ACTIVITY: The first line of the data below and every line after it, through the one with "wiadomości, ale rozumiem, że", must be transcribed without change.

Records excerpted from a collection
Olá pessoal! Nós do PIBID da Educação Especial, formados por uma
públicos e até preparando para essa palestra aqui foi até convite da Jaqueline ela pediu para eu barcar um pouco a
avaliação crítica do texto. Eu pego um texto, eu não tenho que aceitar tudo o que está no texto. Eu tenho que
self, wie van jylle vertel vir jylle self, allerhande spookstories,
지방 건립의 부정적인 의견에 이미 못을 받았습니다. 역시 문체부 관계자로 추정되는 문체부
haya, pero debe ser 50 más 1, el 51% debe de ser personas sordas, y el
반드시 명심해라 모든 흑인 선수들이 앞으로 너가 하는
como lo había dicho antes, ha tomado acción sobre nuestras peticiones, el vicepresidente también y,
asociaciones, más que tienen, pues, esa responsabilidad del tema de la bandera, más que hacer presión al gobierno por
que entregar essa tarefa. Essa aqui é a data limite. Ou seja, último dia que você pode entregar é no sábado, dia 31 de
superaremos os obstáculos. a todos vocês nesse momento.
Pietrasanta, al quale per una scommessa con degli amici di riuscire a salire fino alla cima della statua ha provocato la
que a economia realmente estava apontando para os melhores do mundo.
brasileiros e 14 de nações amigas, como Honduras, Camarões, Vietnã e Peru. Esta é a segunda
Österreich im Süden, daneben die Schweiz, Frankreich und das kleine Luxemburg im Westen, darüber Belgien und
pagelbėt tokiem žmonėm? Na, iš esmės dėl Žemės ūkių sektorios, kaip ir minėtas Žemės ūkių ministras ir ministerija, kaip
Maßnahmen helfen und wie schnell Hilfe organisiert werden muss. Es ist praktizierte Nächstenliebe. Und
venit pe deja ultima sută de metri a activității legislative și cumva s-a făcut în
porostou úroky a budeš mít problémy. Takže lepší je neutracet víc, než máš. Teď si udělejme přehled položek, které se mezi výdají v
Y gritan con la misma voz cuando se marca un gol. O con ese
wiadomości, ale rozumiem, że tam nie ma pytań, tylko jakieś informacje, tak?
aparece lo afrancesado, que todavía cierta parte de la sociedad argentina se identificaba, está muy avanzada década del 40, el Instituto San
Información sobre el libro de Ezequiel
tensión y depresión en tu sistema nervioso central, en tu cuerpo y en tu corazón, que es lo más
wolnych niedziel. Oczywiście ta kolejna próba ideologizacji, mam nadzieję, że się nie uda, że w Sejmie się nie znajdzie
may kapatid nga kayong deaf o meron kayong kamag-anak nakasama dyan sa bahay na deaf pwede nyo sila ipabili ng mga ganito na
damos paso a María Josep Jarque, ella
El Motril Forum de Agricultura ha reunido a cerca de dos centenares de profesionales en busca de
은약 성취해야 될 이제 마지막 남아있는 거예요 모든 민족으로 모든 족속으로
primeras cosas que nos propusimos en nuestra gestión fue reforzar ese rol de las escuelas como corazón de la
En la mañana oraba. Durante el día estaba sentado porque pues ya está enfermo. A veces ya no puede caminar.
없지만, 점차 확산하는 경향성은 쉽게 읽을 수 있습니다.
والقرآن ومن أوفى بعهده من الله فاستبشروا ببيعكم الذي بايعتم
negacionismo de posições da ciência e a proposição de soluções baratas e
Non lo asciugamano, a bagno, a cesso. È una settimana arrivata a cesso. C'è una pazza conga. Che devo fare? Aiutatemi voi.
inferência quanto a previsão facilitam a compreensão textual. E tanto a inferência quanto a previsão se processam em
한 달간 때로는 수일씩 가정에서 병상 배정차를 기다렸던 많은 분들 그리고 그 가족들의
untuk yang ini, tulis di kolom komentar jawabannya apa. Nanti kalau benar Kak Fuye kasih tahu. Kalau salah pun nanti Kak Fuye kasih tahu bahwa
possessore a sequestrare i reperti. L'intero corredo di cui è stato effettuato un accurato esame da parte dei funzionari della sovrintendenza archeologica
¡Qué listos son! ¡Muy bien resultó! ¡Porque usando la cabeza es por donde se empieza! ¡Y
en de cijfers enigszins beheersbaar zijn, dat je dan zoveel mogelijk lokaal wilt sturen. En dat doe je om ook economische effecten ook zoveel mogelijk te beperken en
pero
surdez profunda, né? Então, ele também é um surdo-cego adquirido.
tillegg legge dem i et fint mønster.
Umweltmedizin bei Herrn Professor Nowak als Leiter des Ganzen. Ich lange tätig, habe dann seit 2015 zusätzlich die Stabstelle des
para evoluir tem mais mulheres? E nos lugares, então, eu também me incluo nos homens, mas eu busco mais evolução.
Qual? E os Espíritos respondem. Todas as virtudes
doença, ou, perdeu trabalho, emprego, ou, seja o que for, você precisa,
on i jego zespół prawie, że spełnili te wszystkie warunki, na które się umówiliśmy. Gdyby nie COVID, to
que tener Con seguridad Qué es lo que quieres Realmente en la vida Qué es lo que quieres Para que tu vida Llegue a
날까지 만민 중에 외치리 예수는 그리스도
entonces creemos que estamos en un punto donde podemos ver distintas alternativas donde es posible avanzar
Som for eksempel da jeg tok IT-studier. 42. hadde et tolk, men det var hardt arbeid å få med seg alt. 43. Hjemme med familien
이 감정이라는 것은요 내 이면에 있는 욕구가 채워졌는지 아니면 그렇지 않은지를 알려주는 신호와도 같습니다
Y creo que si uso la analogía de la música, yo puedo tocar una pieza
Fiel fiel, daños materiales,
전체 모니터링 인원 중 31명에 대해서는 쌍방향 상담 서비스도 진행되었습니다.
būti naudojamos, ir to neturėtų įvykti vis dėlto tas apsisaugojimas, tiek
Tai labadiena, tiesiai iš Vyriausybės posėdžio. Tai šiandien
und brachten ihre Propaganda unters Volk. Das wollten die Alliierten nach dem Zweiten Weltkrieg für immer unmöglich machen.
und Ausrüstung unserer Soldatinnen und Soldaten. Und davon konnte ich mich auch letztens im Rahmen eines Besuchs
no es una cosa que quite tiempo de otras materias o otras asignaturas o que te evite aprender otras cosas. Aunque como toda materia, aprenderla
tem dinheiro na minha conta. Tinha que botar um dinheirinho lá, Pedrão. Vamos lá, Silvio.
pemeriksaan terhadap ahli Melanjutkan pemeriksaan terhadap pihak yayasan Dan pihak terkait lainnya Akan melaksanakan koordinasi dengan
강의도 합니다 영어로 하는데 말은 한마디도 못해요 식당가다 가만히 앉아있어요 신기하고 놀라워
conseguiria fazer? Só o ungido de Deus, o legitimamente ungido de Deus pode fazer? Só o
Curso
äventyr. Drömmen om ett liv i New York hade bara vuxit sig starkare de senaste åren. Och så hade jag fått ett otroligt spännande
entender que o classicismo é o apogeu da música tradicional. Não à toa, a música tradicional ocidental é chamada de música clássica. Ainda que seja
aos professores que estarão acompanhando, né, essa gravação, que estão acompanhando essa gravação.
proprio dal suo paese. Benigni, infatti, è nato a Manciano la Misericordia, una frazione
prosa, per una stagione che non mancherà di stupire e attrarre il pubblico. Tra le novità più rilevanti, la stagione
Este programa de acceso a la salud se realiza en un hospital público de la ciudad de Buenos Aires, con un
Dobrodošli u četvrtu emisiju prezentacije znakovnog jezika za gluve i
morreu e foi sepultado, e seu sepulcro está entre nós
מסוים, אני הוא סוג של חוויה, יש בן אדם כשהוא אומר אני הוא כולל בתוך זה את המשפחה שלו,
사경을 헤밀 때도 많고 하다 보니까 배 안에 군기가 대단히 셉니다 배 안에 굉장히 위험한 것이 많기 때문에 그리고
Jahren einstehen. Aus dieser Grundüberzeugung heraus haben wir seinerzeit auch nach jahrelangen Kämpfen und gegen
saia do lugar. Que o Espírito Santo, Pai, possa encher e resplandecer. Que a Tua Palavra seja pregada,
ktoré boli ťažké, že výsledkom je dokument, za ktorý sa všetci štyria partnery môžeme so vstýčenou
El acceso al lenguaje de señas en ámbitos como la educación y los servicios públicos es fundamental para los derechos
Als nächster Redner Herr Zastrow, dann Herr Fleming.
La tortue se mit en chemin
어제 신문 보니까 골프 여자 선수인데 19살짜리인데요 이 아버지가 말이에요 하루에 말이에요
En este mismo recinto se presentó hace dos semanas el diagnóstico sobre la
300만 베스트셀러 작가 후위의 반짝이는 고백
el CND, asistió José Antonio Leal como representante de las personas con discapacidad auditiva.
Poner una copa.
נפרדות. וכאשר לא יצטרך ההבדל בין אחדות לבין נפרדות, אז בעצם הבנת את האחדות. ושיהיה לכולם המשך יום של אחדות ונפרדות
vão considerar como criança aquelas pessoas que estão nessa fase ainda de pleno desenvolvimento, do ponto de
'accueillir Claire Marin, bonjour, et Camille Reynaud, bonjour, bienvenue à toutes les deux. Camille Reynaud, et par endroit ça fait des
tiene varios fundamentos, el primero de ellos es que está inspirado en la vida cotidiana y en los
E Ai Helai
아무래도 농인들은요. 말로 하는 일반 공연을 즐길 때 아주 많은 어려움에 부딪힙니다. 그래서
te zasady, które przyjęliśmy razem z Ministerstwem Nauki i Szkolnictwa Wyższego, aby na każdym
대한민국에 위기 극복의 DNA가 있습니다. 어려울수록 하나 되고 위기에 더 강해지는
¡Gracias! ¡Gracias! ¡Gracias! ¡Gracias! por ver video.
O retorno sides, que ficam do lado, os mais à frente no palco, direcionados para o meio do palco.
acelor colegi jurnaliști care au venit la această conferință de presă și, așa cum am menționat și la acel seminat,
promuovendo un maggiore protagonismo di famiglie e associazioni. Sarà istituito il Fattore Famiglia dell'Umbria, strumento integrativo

OUTPUT FOR THIS EXERCISE:
Olá pessoal! Nós do PIBID da Educação Especial, formados por uma
públicos e até preparando para essa palestra aqui foi até convite da Jaqueline ela pediu para eu barcar um pouco a
avaliação crítica do texto. Eu pego um texto, eu não tenho que aceitar tudo o que está no texto. Eu tenho que
self, wie van jylle vertel vir jylle self, allerhande spookstories,
지방 건립의 부정적인 의견에 이미 못을 받았습니다. 역시 문체부 관계자로 추정되는 문체부
haya, pero debe ser 50 más 1, el 51% debe de ser personas sordas, y el
반드시 명심해라 모든 흑인 선수들이 앞으로 너가 하는
como lo había dicho antes, ha tomado acción sobre nuestras peticiones, el vicepresidente también y,
asociaciones, más que tienen, pues, esa responsabilidad del tema de la bandera, más que hacer presión al gobierno por
que entregar essa tarefa. Essa aqui é a data limite. Ou seja, último dia que você pode entregar é no sábado, dia 31 de
superaremos os obstáculos. a todos vocês nesse momento.
Pietrasanta, al quale per una scommessa con degli amici di riuscire a salire fino alla cima della statua ha provocato la
que a economia realmente estava apontando para os melhores do mundo.
brasileiros e 14 de nações amigas, como Honduras, Camarões, Vietnã e Peru. Esta é a segunda
Österreich im Süden, daneben die Schweiz, Frankreich und das kleine Luxemburg im Westen, darüber Belgien und
pagelbėt tokiem žmonėm? Na, iš esmės dėl Žemės ūkių sektorios, kaip ir minėtas Žemės ūkių ministras ir ministerija, kaip
Maßnahmen helfen und wie schnell Hilfe organisiert werden muss. Es ist praktizierte Nächstenliebe. Und
venit pe deja ultima sută de metri a activității legislative și cumva s-a făcut în
porostou úroky a budeš mít problémy. Takže lepší je neutracet víc, než máš. Teď si udělejme přehled položek, které se mezi výdají v
Y gritan con la misma voz cuando se marca un gol. O con ese
wiadomości, ale rozumiem, że tam nie ma pytań, tylko jakieś informacje, tak?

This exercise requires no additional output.